2. Substitute the resulting expression instead of the corresponding variable into another equation. Thus, we get a linear equation with one unknown.

3. Solve the resulting linear equation and obtain a solution.

4. We substitute the resulting solution into the expression obtained in the first paragraph, and obtain the second unknown from the solution.

5. Check the resulting solution.

Example

To make it more clear, let's solve a small example.
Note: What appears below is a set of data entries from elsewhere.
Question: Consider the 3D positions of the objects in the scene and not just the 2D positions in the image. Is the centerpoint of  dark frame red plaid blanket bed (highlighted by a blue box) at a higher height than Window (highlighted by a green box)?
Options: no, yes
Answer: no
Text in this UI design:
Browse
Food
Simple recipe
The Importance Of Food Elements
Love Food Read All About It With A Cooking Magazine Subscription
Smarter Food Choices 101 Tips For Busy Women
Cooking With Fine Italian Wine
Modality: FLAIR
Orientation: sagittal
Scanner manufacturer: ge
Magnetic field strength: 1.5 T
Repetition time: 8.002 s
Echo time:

Example 1. Solve the system of equations:

(x+2*y =12
(2*x-3*y=-18

Solution:

1. From the first equation of this system we express the variable x. We have x= (12 -2*y);

2. Substitute this expression into the second equation, we get 2*x-3*y=-18; 2*(12 -2*y) - 3*y = -18; 24 - 4y - 3*y = -18;

3. Solve the resulting linear equation: 24 - 4y - 3*y = -18; 24-7*y =-18; -7*y = -42; y=6;

4. Substitute the result obtained into the expression obtained in the first paragraph. x= (12 -2*y); x=12-2*6 = 0; x=0;

5. We check the resulting solution; to do this, we substitute the found numbers into the original system.

(x+2*y =12;
(2*x-3*y=-18;

{0+2*6 =12;
{2*0-3*6=-18;

{12 =12;
{-18=-18;

We got the correct equalities, therefore, we found the solution correctly.